WORK TO BE COMPLETED:
Each line of the records below that holds "outdoors" should be copied out.
# # # # #
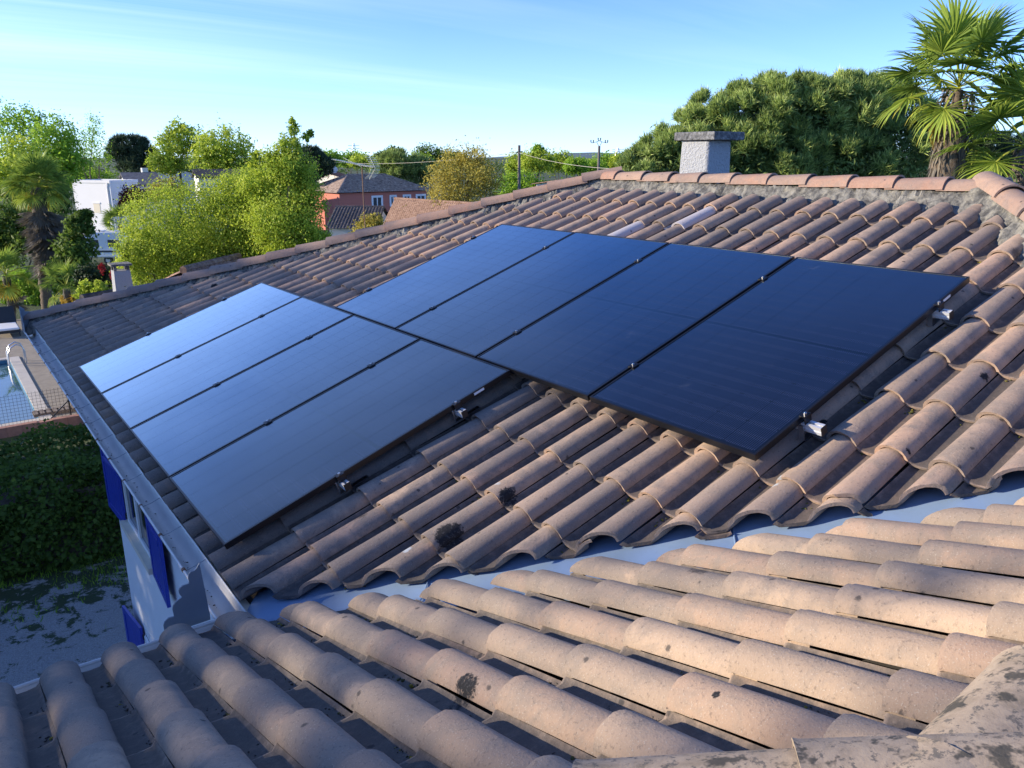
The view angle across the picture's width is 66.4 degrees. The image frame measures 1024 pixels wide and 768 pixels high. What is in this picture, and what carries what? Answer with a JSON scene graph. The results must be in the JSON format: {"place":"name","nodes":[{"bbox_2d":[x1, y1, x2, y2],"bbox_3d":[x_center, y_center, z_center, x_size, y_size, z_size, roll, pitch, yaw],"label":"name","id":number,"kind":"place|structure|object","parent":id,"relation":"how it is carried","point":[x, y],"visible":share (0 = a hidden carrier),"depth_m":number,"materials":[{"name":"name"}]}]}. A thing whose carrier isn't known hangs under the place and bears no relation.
{"place":"outdoors","nodes":[
{"label":"outdoors","id":0,"kind":"place"},
{"bbox_2d":[0,319,76,419],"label":"pool terrace","id":1,"kind":"structure","parent":0,"point":[41,375],"depth_m":30.76,"materials":[{"name":"beige stone"}]},
{"bbox_2d":[0,306,20,335],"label":"sun lounger","id":2,"kind":"object","parent":1,"relation":"on","point":[8,323],"visible":1,"depth_m":36.97,"materials":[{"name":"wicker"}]},
{"bbox_2d":[0,245,40,317],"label":"fan palm","id":3,"kind":"object","parent":1,"relation":"on","point":[8,291],"visible":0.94,"depth_m":38.89,"materials":[{"name":"green plant"}]},
{"bbox_2d":[0,356,51,426],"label":"swimming pool","id":4,"kind":"structure","parent":1,"relation":"in","point":[16,379],"depth_m":27.60,"materials":[{"name":"stone"}]},
{"bbox_2d":[6,341,27,368],"bbox_3d":[-19.867,-0.786,31.363,0.718,1.769,0.606,-12,20,-35],"label":"pool ladder","id":5,"kind":"object","parent":4,"relation":"attached to","point":[8,358],"visible":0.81,"depth_m":31.21,"materials":[{"name":"metal"}]},
{"bbox_2d":[32,405,75,417],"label":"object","id":6,"kind":"object","parent":1,"relation":"on","point":[48,411],"visible":0.69,"depth_m":25.22,"materials":[{"name":"grey stone"}]},
{"bbox_2d":[35,257,79,306],"bbox_3d":[-21.677,-4.509,37.989,2.555,3.418,2.735,-12,20,-35],"label":"fan palm","id":7,"kind":"object","parent":1,"relation":"on","point":[63,269],"visible":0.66,"depth_m":37.67,"materials":[{"name":"green plant"}]},
{"bbox_2d":[71,258,116,288],"bbox_3d":[-17.295,-3.416,33.386,2.337,3.908,1.676,-3,17,-11],"label":"dark hedge","id":8,"kind":"object","parent":1,"relation":"on","point":[90,273],"visible":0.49,"depth_m":32.59,"materials":[{"name":"green plant"}]},
{"bbox_2d":[98,262,105,274],"bbox_3d":[-16.240,-4.562,31.006,0.281,0.543,0.423,-3,16,-9],"label":"red flower spike","id":9,"kind":"object","parent":8,"relation":"attached to","point":[101,268],"visible":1,"depth_m":30.93,"materials":[{"name":"red plant"}]},
{"bbox_2d":[0,158,964,587],"bbox_3d":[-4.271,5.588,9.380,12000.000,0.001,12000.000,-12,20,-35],"label":"ground","id":10,"kind":"structure","parent":0,"point":[100,260],"depth_m":61.43,"materials":[{"name":"green plant"}]},
{"bbox_2d":[0,96,45,201],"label":"spindly tree","id":11,"kind":"object","parent":10,"relation":"on","point":[14,120],"visible":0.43,"depth_m":69.56,"materials":[{"name":"green plant"}]},
{"bbox_2d":[0,131,61,193],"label":"leafy tree","id":12,"kind":"object","parent":10,"relation":"on","point":[19,148],"visible":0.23,"depth_m":57.23,"materials":[{"name":"green plant"}]},
{"bbox_2d":[0,197,65,272],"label":"dark shrubs","id":13,"kind":"object","parent":10,"relation":"on","point":[9,233],"visible":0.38,"depth_m":46.49,"materials":[{"name":"green plant"}]},
{"bbox_2d":[0,149,75,308],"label":"fan palm","id":14,"kind":"object","parent":10,"relation":"on","point":[41,222],"visible":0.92,"depth_m":40.49,"materials":[{"name":"green plant"}]},
{"bbox_2d":[0,387,76,426],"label":"wire fence","id":15,"kind":"object","parent":10,"relation":"on","point":[69,406],"visible":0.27,"depth_m":23.77,"materials":[{"name":"metal"}]},
{"bbox_2d":[0,262,77,305],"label":"shrub","id":16,"kind":"object","parent":10,"relation":"on","point":[33,297],"visible":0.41,"depth_m":43.59,"materials":[{"name":"green plant"}]},
{"bbox_2d":[0,177,78,216],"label":"laurel shrub","id":17,"kind":"object","parent":10,"relation":"on","point":[67,205],"visible":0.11,"depth_m":55.78,"materials":[{"name":"green plant"}]},
{"bbox_2d":[0,414,83,438],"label":"garden wall","id":18,"kind":"structure","parent":10,"relation":"on","point":[20,428],"depth_m":23.50,"materials":[{"name":"pink brick"}]},
{"bbox_2d":[17,108,95,240],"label":"leafy tree","id":19,"kind":"object","parent":10,"relation":"on","point":[71,160],"visible":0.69,"depth_m":65.34,"materials":[{"name":"green plant"}]},
{"bbox_2d":[0,418,123,582],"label":"hedge","id":20,"kind":"object","parent":10,"relation":"on","point":[55,509],"visible":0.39,"depth_m":15.80,"materials":[{"name":"green plant"}]},
{"bbox_2d":[0,555,133,686],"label":"gravel yard","id":21,"kind":"structure","parent":10,"relation":"on","point":[32,647],"depth_m":14.00,"materials":[{"name":"grey gravel"}]},
{"bbox_2d":[0,552,128,629],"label":"grass","id":22,"kind":"structure","parent":21,"relation":"on","point":[55,569],"depth_m":15.35,"materials":[{"name":"green plant"}]},
{"bbox_2d":[0,131,1023,767],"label":"house","id":23,"kind":"structure","parent":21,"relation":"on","point":[514,571],"depth_m":3.43,"materials":[{"name":"tile"}]},
{"bbox_2d":[120,482,152,574],"bbox_3d":[-4.646,1.393,9.569,0.130,1.350,1.580,-12,20,-35],"label":"window","id":24,"kind":"structure","parent":23,"relation":"in","point":[134,527],"depth_m":9.69,"materials":[{"name":"white glass"}]},
{"bbox_2d":[145,332,368,493],"bbox_3d":[-2.290,0.047,6.311,0.220,0.150,4.729,-12,20,-35],"label":"mounting rail","id":25,"kind":"object","parent":23,"relation":"attached to","point":[344,484],"visible":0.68,"depth_m":4.50,"materials":[{"name":"metal"}]},
{"bbox_2d":[101,297,352,430],"bbox_3d":[-2.482,-0.247,6.834,1.900,0.693,1.134,-12,20,-35],"label":"solar panel","id":26,"kind":"object","parent":25,"relation":"attached to","point":[150,394],"visible":0.99,"depth_m":6.76,"materials":[{"name":"blue glass"}]},
{"bbox_2d":[130,315,419,478],"bbox_3d":[-1.794,0.013,5.944,1.900,0.693,1.134,-12,20,-35],"label":"solar panel","id":27,"kind":"object","parent":25,"relation":"attached to","point":[189,432],"visible":1,"depth_m":5.87,"materials":[{"name":"blue glass"}]},
{"bbox_2d":[221,297,479,421],"bbox_3d":[-1.648,-0.353,6.689,0.220,0.150,4.732,-12,20,-35],"label":"mounting rail","id":28,"kind":"object","parent":23,"relation":"attached to","point":[461,412],"visible":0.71,"depth_m":4.87,"materials":[{"name":"metal"}]},
{"bbox_2d":[79,282,301,393],"bbox_3d":[-3.170,-0.505,7.724,1.900,0.691,1.134,-12,20,-35],"label":"solar panel","id":29,"kind":"object","parent":28,"relation":"attached to","point":[125,363],"visible":0.99,"depth_m":7.66,"materials":[{"name":"blue glass"}]},
{"bbox_2d":[169,339,510,548],"bbox_3d":[-1.106,0.271,5.054,1.901,0.691,1.135,-12,20,-35],"label":"solar panel","id":30,"kind":"object","parent":28,"relation":"attached to","point":[241,489],"visible":1,"depth_m":4.94,"materials":[{"name":"blue glass"}]},
{"bbox_2d":[366,288,827,440],"bbox_3d":[0.118,-0.320,5.594,0.220,0.150,4.762,-12,20,-35],"label":"mounting rail","id":31,"kind":"object","parent":23,"relation":"attached to","point":[809,426],"visible":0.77,"depth_m":3.77,"materials":[{"name":"metal"}]},
{"bbox_2d":[590,257,969,460],"bbox_3d":[1.546,-0.258,4.502,1.900,0.693,1.135,-12,20,-35],"label":"solar panel","id":32,"kind":"object","parent":31,"relation":"attached to","point":[755,371],"visible":1,"depth_m":4.38,"materials":[{"name":"blue glass"}]},
{"bbox_2d":[471,236,953,325],"bbox_3d":[1.062,-0.917,6.167,0.220,0.150,4.734,-12,20,-35],"label":"mounting rail","id":33,"kind":"object","parent":23,"relation":"attached to","point":[939,313],"visible":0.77,"depth_m":4.34,"materials":[{"name":"metal"}]},
{"bbox_2d":[335,224,574,329],"bbox_3d":[-0.518,-1.034,7.171,1.900,0.691,1.134,-12,20,-35],"label":"solar panel","id":34,"kind":"object","parent":33,"relation":"attached to","point":[407,296],"visible":0.98,"depth_m":7.11,"materials":[{"name":"blue glass"}]},
{"bbox_2d":[396,232,668,357],"bbox_3d":[0.169,-0.777,6.281,1.900,0.694,1.134,-12,20,-35],"label":"solar panel","id":35,"kind":"object","parent":33,"relation":"attached to","point":[485,315],"visible":0.99,"depth_m":6.20,"materials":[{"name":"blue glass"}]},
{"bbox_2d":[477,243,794,400],"bbox_3d":[0.857,-0.518,5.391,1.899,0.694,1.134,-12,20,-35],"label":"solar panel","id":36,"kind":"object","parent":33,"relation":"attached to","point":[586,345],"visible":0.98,"depth_m":5.29,"materials":[{"name":"blue glass"}]},
{"bbox_2d":[42,208,100,290],"bbox_3d":[-22.461,-6.188,40.112,2.822,5.494,2.587,-12,20,-35],"label":"fig bush","id":37,"kind":"object","parent":10,"relation":"on","point":[78,247],"visible":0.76,"depth_m":39.67,"materials":[{"name":"green plant"}]},
{"bbox_2d":[66,168,116,187],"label":"bushy hedge","id":38,"kind":"object","parent":10,"relation":"on","point":[94,174],"visible":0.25,"depth_m":94.68,"materials":[{"name":"green plant"}]},
{"bbox_2d":[69,111,114,179],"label":"spindly tree","id":39,"kind":"object","parent":10,"relation":"on","point":[91,142],"visible":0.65,"depth_m":92.02,"materials":[{"name":"green plant"}]},
{"bbox_2d":[71,277,112,298],"bbox_3d":[-16.079,-2.353,30.336,1.582,3.611,0.921,1,16,4],"label":"spiky shrub","id":40,"kind":"object","parent":10,"relation":"on","point":[85,286],"visible":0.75,"depth_m":29.80,"materials":[{"name":"green plant"}]},
{"bbox_2d":[74,262,132,413],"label":"outbuilding","id":41,"kind":"structure","parent":10,"relation":"on","point":[121,278],"depth_m":22.10,"materials":[{"name":"paint"}]},
{"bbox_2d":[84,230,127,263],"bbox_3d":[-31.597,-10.666,60.720,4.622,2.550,2.115,0,16,0],"label":"caravan","id":42,"kind":"object","parent":10,"relation":"on","point":[103,240],"visible":0.23,"depth_m":59.66,"materials":[{"name":"white paint"}]},
{"bbox_2d":[107,240,119,246],"bbox_3d":[-30.357,-10.708,59.613,0.900,0.550,0.013,0,16,0],"label":"window","id":43,"kind":"structure","parent":42,"relation":"in","point":[109,241],"depth_m":59.58,"materials":[{"name":"grey glass"}]},
{"bbox_2d":[72,179,142,229],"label":"flat roofed house","id":44,"kind":"structure","parent":10,"relation":"on","point":[96,196],"depth_m":81.30,"materials":[{"name":"white paint"}]},
{"bbox_2d":[92,202,100,212],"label":"window","id":45,"kind":"structure","parent":44,"relation":"in","point":[96,205],"depth_m":81.42,"materials":[{"name":"beige glass"}]},
{"bbox_2d":[100,203,136,229],"bbox_3d":[-31.039,-12.214,62.209,3.033,4.692,2.927,-6,17,-20],"label":"fan palm","id":46,"kind":"object","parent":10,"relation":"on","point":[110,213],"visible":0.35,"depth_m":61.29,"materials":[{"name":"green plant"}]},
{"bbox_2d":[101,130,159,171],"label":"dark pine","id":47,"kind":"object","parent":10,"relation":"on","point":[126,150],"visible":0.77,"depth_m":110.67,"materials":[{"name":"green plant"}]},
{"bbox_2d":[114,179,152,215],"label":"purple shrub","id":48,"kind":"object","parent":10,"relation":"on","point":[126,190],"visible":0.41,"depth_m":71.38,"materials":[{"name":"green plant"}]},
{"bbox_2d":[119,172,165,228],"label":"grey roofed house","id":49,"kind":"structure","parent":10,"relation":"on","point":[140,176],"depth_m":89.43,"materials":[{"name":"stone"}]},
{"bbox_2d":[146,171,190,231],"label":"pinkish shrub","id":50,"kind":"object","parent":10,"relation":"on","point":[171,185],"visible":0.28,"depth_m":73.65,"materials":[{"name":"green plant"}]},
{"bbox_2d":[141,168,196,217],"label":"white gabled house","id":51,"kind":"structure","parent":10,"relation":"on","point":[177,174],"depth_m":105.17,"materials":[{"name":"white paint"}]},
{"bbox_2d":[144,115,203,221],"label":"broadleaf tree","id":52,"kind":"object","parent":10,"relation":"on","point":[175,141],"visible":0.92,"depth_m":94.14,"materials":[{"name":"green plant"}]},
{"bbox_2d":[166,253,242,277],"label":"tiled shed","id":53,"kind":"structure","parent":10,"relation":"on","point":[207,264],"depth_m":21.98,"materials":[{"name":"brown tile"}]},
{"bbox_2d":[191,169,239,231],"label":"black roofed house","id":54,"kind":"structure","parent":10,"relation":"on","point":[199,172],"depth_m":81.34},
{"bbox_2d":[103,154,333,285],"bbox_3d":[-9.629,-3.634,26.474,7.839,8.217,5.035,0,16,-2],"label":"leafy shrub","id":55,"kind":"object","parent":10,"relation":"on","point":[155,254],"visible":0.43,"depth_m":24.90,"materials":[{"name":"green plant"}]},
{"bbox_2d":[184,112,260,179],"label":"broadleaf tree","id":56,"kind":"object","parent":10,"relation":"on","point":[208,152],"visible":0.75,"depth_m":90.68,"materials":[{"name":"green plant"}]},
{"bbox_2d":[230,116,332,255],"bbox_3d":[-6.931,-3.472,24.236,3.160,9.256,3.442,-12,20,-35],"label":"young maple","id":57,"kind":"object","parent":10,"relation":"on","point":[285,167],"visible":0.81,"depth_m":23.70,"materials":[{"name":"green plant"}]},
{"bbox_2d":[294,145,336,185],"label":"dark pine","id":58,"kind":"object","parent":10,"relation":"on","point":[327,164],"visible":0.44,"depth_m":89.06,"materials":[{"name":"green plant"}]},
{"bbox_2d":[317,166,345,182],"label":"distant house","id":59,"kind":"structure","parent":10,"relation":"on","point":[335,174],"depth_m":118.09,"materials":[{"name":"white tile"}]},
{"bbox_2d":[320,148,344,164],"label":"skyline tree","id":60,"kind":"object","parent":10,"relation":"on","point":[334,154],"visible":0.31,"depth_m":149.48,"materials":[{"name":"green plant"}]},
{"bbox_2d":[338,148,361,173],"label":"skyline tree","id":61,"kind":"object","parent":10,"relation":"on","point":[347,155],"visible":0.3,"depth_m":169.24,"materials":[{"name":"green plant"}]},
{"bbox_2d":[348,143,359,150],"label":"lattice pylon","id":62,"kind":"object","parent":10,"relation":"on","point":[354,145],"visible":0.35,"depth_m":620.57,"materials":[{"name":"metal"}]},
{"bbox_2d":[332,154,379,227],"bbox_3d":[-4.238,-2.290,22.061,1.415,8.049,0.400,9,18,27],"label":"television aerial","id":63,"kind":"object","parent":10,"relation":"on","point":[370,166],"visible":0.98,"depth_m":20.98,"materials":[{"name":"grey metal"}]},
{"bbox_2d":[327,206,387,235],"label":"dark roofed wing","id":64,"kind":"structure","parent":10,"relation":"on","point":[341,218],"depth_m":65.04,"materials":[{"name":"grey tile"}]},
{"bbox_2d":[347,151,373,173],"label":"skyline tree","id":65,"kind":"object","parent":10,"relation":"on","point":[359,158],"visible":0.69,"depth_m":139.25,"materials":[{"name":"green plant"}]},
{"bbox_2d":[347,210,385,232],"bbox_3d":[-8.094,-7.261,44.407,2.269,5.138,2.024,-12,20,-35],"label":"yellow bush","id":66,"kind":"object","parent":10,"relation":"on","point":[375,220],"visible":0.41,"depth_m":43.73,"materials":[{"name":"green plant"}]},
{"bbox_2d":[309,173,430,230],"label":"red house","id":67,"kind":"structure","parent":10,"relation":"on","point":[382,189],"depth_m":88.13,"materials":[{"name":"tile"}]},
{"bbox_2d":[371,195,382,205],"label":"window","id":68,"kind":"structure","parent":67,"relation":"in","point":[377,200],"depth_m":87.63,"materials":[{"name":"white glass"}]},
{"bbox_2d":[389,195,396,206],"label":"window","id":69,"kind":"structure","parent":67,"relation":"in","point":[391,197],"depth_m":88.77,"materials":[{"name":"white glass"}]},
{"bbox_2d":[403,194,410,197],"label":"window","id":70,"kind":"structure","parent":67,"relation":"in","point":[405,195],"depth_m":89.90,"materials":[{"name":"white glass"}]},
{"bbox_2d":[416,194,425,198],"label":"window","id":71,"kind":"structure","parent":67,"relation":"in","point":[419,196],"depth_m":91.10,"materials":[{"name":"white glass"}]},
{"bbox_2d":[372,148,386,158],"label":"skyline tree","id":72,"kind":"object","parent":10,"relation":"on","point":[377,153],"visible":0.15,"depth_m":188.88,"materials":[{"name":"green plant"}]},
{"bbox_2d":[384,144,399,154],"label":"skyline tree","id":73,"kind":"object","parent":10,"relation":"on","point":[391,147],"visible":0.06,"depth_m":159.33,"materials":[{"name":"green plant"}]},
{"bbox_2d":[367,145,438,186],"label":"round pine","id":74,"kind":"object","parent":10,"relation":"on","point":[403,167],"visible":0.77,"depth_m":98.39,"materials":[{"name":"green plant"}]},
{"bbox_2d":[408,151,436,160],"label":"skyline tree","id":75,"kind":"object","parent":10,"relation":"on","point":[423,154],"visible":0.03,"depth_m":139.84,"materials":[{"name":"green plant"}]},
{"bbox_2d":[383,197,469,224],"bbox_3d":[-5.851,-12.062,61.960,6.041,4.940,16.612,-15,22,-41],"label":"brown bungalow","id":76,"kind":"object","parent":10,"relation":"on","point":[414,207],"visible":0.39,"depth_m":62.03,"materials":[{"name":"tile"}]},
{"bbox_2d":[410,142,450,198],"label":"skyline tree","id":77,"kind":"object","parent":10,"relation":"on","point":[435,153],"visible":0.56,"depth_m":149.23,"materials":[{"name":"green plant"}]},
{"bbox_2d":[443,148,463,183],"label":"skyline tree","id":78,"kind":"object","parent":10,"relation":"on","point":[453,155],"visible":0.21,"depth_m":169.21,"materials":[{"name":"green plant"}]},
{"bbox_2d":[418,135,507,205],"bbox_3d":[-3.482,-14.750,62.194,6.977,9.644,6.682,-12,20,-35],"label":"willow","id":79,"kind":"object","parent":10,"relation":"on","point":[468,163],"visible":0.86,"depth_m":61.35,"materials":[{"name":"green plant"}]},
{"bbox_2d":[79,154,919,178],"bbox_3d":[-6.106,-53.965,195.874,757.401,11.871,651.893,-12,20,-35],"label":"wood","id":80,"kind":"object","parent":10,"relation":"on","point":[337,166],"visible":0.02,"depth_m":320.92,"materials":[{"name":"green plant"}]},
{"bbox_2d":[502,144,532,174],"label":"skyline tree","id":81,"kind":"object","parent":10,"relation":"on","point":[512,166],"visible":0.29,"depth_m":124.42,"materials":[{"name":"green plant"}]},
{"bbox_2d":[516,145,522,189],"bbox_3d":[0.564,-14.086,61.241,0.551,8.827,0.300,-12,20,-35],"label":"utility pole","id":82,"kind":"object","parent":10,"relation":"on","point":[519,166],"visible":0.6,"depth_m":60.36,"materials":[{"name":"brown wood"}]},
{"bbox_2d":[338,152,515,163],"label":"overhead cable","id":83,"kind":"object","parent":82,"relation":"attached to","point":[417,162],"visible":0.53,"depth_m":77.61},
{"bbox_2d":[521,153,608,168],"bbox_3d":[3.957,-14.361,50.082,0.025,0.995,22.325,-5,17,-17],"label":"overhead cable","id":84,"kind":"object","parent":82,"relation":"attached to","point":[569,164],"visible":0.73,"depth_m":50.72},
{"bbox_2d":[493,167,550,194],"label":"green bush","id":85,"kind":"object","parent":10,"relation":"on","point":[526,182],"visible":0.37,"depth_m":74.19,"materials":[{"name":"green plant"}]},
{"bbox_2d":[516,142,556,179],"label":"skyline tree","id":86,"kind":"object","parent":10,"relation":"on","point":[533,164],"visible":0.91,"depth_m":119.53,"materials":[{"name":"green plant"}]},
{"bbox_2d":[529,143,546,179],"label":"skyline tree","id":87,"kind":"object","parent":10,"relation":"on","point":[534,148],"visible":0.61,"depth_m":120.60,"materials":[{"name":"green plant"}]},
{"bbox_2d":[531,177,571,185],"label":"distant bungalow","id":88,"kind":"object","parent":10,"relation":"on","point":[544,183],"visible":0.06,"depth_m":71.19,"materials":[{"name":"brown tile"}]},
{"bbox_2d":[540,147,579,179],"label":"skyline tree","id":89,"kind":"object","parent":10,"relation":"on","point":[561,158],"visible":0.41,"depth_m":129.16,"materials":[{"name":"green plant"}]},
{"bbox_2d":[561,153,589,175],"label":"skyline tree","id":90,"kind":"object","parent":10,"relation":"on","point":[572,169],"visible":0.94,"depth_m":109.56,"materials":[{"name":"green plant"}]},
{"bbox_2d":[575,154,607,174],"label":"skyline tree","id":91,"kind":"object","parent":10,"relation":"on","point":[592,163],"visible":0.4,"depth_m":114.26,"materials":[{"name":"green plant"}]},
{"bbox_2d":[590,138,607,169],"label":"utility pole","id":92,"kind":"object","parent":10,"relation":"on","point":[598,164],"visible":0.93,"depth_m":82.11,"materials":[{"name":"grey metal"}]},
{"bbox_2d":[590,150,613,168],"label":"skyline tree","id":93,"kind":"object","parent":10,"relation":"on","point":[606,155],"visible":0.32,"depth_m":138.99,"materials":[{"name":"green plant"}]},
{"bbox_2d":[606,151,626,167],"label":"skyline tree","id":94,"kind":"object","parent":10,"relation":"on","point":[614,158],"visible":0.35,"depth_m":119.28,"materials":[{"name":"green plant"}]},
{"bbox_2d":[613,65,965,185],"bbox_3d":[10.445,-6.514,30.876,13.693,11.366,5.440,0,16,-1],"label":"umbrella pine","id":95,"kind":"object","parent":10,"relation":"on","point":[799,121],"visible":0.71,"depth_m":28.49,"materials":[{"name":"green plant"}]},
{"bbox_2d":[867,0,1023,178],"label":"fan palm","id":96,"kind":"object","parent":10,"relation":"on","point":[957,34],"visible":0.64,"depth_m":11.84,"materials":[{"name":"green plant"}]},
{"bbox_2d":[907,124,1023,177],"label":"dark pine","id":97,"kind":"object","parent":10,"relation":"on","point":[992,147],"visible":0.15,"depth_m":34.81,"materials":[{"name":"green plant"}]},
{"bbox_2d":[925,46,1023,191],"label":"fan palm","id":98,"kind":"object","parent":10,"relation":"on","point":[987,121],"visible":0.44,"depth_m":11.76,"materials":[{"name":"green plant"}]},
{"bbox_2d":[0,0,1023,157],"label":"sky","id":99,"kind":"structure","parent":0,"point":[373,75],"materials":[{"name":"blue"}]},
{"bbox_2d":[486,152,620,157],"bbox_3d":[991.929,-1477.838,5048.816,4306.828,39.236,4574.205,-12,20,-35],"label":"hills","id":100,"kind":"structure","parent":0,"point":[585,155],"depth_m":5245.55,"materials":[{"name":"green plant"}]}
]}
# # # # #
RESULT BELOW:
{"place":"outdoors","nodes":[
{"label":"outdoors","id":0,"kind":"place"},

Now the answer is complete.